船で戦い幾十年、シャーガイルは僅かながら、けれど確実に船の速度が落ちていることをすぐに察した。

この歴史的な一大決戦の時に、速度を落とすとは何事かと、シャーガイルは怒号を上げる。

「風術士は総動員で、帆を張らせております!」

「報告! 流砂の勢いが、急速に鈍ってきています!」

「な、なんだと……どういうことだ!?」

ありえない、としか思えなかった。

こんな大きな流れが、いきなり衰える? そんな馬鹿な話はない。生まれた時から船上で過ごしてきたシャーガイルは、大砂漠の流れというものを骨身に沁みて理解している。

それは知識としても、経験としても。アトラス大砂漠の流砂は、大きな地脈の流れに乗って尽きることなく常に循環し続けている。どこかへ向かう流れは、必ずどこかの流れへと繋がっている。

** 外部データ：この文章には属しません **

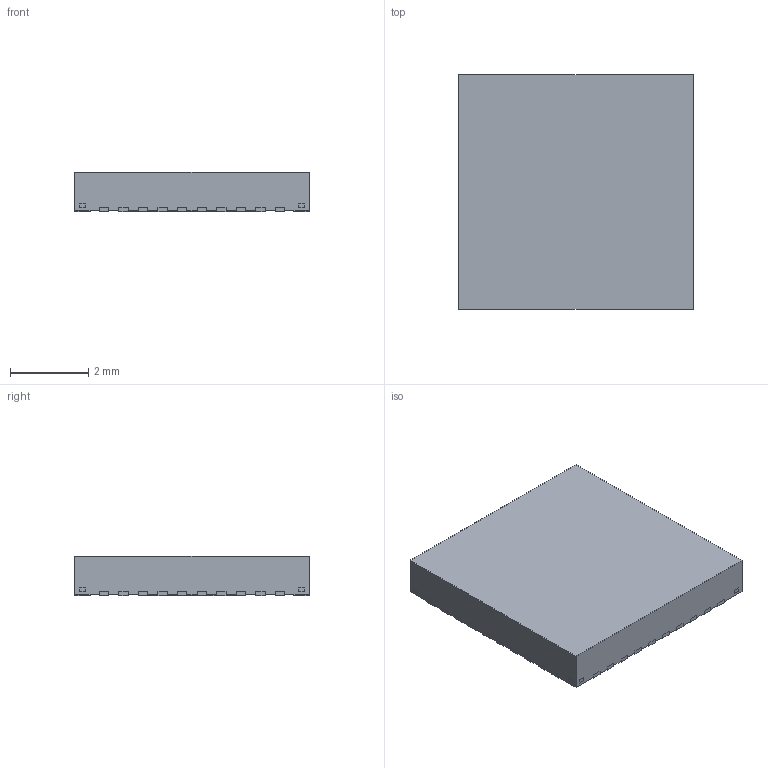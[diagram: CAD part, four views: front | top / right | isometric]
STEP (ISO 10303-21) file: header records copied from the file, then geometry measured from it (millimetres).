
FILE_DESCRIPTION((''),'2;1');
FILE_NAME('RHA0040E_ASM','2020-04-16T08:07:47',('a0412086'),(''),'CREO PARAMETRIC BY PTC INC, 2019292','CREO PARAMETRIC BY PTC INC, 2019292','');
FILE_SCHEMA(('AUTOMOTIVE_DESIGN { 1 0 10303 214 1 1 1 1 }'));
Length unit declared in the file: millimetre
Products named in the file (4): FRAME; BODY; PIN1_AREA; RHA0040E_ASM
Assembly tree (3 placements, depth 2):
  RHA0040E_ASM
    FRAME
    BODY
    PIN1_AREA
Bounding box: 6 x 6 x 1 mm (x, y, z)
Volume: 35.4 mm3; surface area: 131.5 mm2
Topology: 46 solids, 46 shells, 635 faces, 1626 edges, 1084 vertices
Faces by surface type: plane 475, cylinder 160
Entity records: 24817 total; most frequent: CARTESIAN_POINT 3359, ORIENTED_EDGE 3252, DIRECTION 3230, PRESENTATION_STYLE_ASSIGNMENT 1721, STYLED_ITEM 1673, CURVE_STYLE 1626, EDGE_CURVE 1626, VECTOR 1306

流砂が止まるのは、小さく、細く、何かの弾みで枝分かれした小川のような流れが形成され、それが長く走った先でようやく止まる、というもの。どんな間抜けな船乗りでも、小川に入ったと気づけば、すぐに途中で本流へと戻る。

「間違いありません! 流砂が止まっています!!」

「と、止まった……止まった、だとぉ……」

それは、巨大な大河が何の前触れもなく途中から消滅している、というような自然ではありえない現象だった。

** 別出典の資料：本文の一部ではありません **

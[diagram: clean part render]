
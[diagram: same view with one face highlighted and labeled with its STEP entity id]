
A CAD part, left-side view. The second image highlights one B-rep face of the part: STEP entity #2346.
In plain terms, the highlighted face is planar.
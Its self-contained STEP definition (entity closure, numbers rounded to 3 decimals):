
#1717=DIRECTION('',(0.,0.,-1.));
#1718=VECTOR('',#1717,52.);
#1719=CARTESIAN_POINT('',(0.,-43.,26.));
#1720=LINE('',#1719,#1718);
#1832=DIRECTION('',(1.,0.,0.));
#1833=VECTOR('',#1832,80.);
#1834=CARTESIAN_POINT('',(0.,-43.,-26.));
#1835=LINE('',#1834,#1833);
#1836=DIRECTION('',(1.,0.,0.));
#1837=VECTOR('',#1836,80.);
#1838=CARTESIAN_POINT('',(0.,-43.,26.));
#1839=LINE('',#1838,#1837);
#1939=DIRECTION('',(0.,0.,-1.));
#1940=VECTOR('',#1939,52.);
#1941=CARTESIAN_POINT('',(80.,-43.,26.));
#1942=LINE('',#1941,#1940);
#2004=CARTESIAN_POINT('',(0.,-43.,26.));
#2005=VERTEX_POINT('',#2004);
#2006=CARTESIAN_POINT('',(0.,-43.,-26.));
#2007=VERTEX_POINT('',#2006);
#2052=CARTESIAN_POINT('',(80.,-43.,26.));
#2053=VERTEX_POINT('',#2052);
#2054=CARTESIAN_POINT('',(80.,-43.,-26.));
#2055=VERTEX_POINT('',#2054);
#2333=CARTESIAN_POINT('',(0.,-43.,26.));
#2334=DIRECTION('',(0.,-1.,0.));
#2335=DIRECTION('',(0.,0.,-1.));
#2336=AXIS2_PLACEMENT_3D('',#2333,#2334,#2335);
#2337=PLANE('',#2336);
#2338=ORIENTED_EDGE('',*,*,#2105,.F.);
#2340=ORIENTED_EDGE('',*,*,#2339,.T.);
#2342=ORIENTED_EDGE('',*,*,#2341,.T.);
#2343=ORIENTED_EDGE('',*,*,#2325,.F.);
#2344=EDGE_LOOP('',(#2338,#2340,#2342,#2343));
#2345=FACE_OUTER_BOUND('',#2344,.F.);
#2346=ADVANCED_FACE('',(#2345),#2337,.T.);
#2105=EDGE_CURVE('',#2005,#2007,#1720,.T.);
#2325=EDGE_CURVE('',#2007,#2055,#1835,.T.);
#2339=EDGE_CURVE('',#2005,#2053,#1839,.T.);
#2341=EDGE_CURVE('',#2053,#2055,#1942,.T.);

シャーガイルだけではない。きっと、流砂を確認した者も、これを報告している者も、そんなことはありえないと思っているに違いない。大いなる大砂漠の流れは尽きない。それはアトラスの民の常識であり、信仰でもある。

疑うこともなく信じ続けていた女神の力が、揺らぐ。

「ほ、報告です……」

「今度はなんだ!」

「空を、ご覧ください」

「空だぁ!? 今は大流砂が尽きるという天変地異が起こっているのだぞ! ボケっと空を見上げる奴があるかぁ!!」

「あっ、ああ……ありえない……船が、あんなに大きい船が……飛んで……」

伝令兵は空を見上げて、呆然自失と呟いている。

とても正気には思えない。けれど、揺れることなく空の一点を凝視し続ける、その視線の先を追うことを、シャーガイルは何故か躊躇してしまった。

それを見たら、彼と同じものを見てしまったら、自分も心を失うのではないか。

そんな恐怖心は、ふと足元に降りてきた影————黒々とした、大きな、あまりに巨大な影によって、現実のものとなる。

「————もう、貴様らは手遅れだ。絶望を以って見上げるがいい。地獄を統べる女王の、お成りである」

ゼノンガルトのどこか憐れみを含んだ声が、静かに、アトラス連合艦隊に響いた。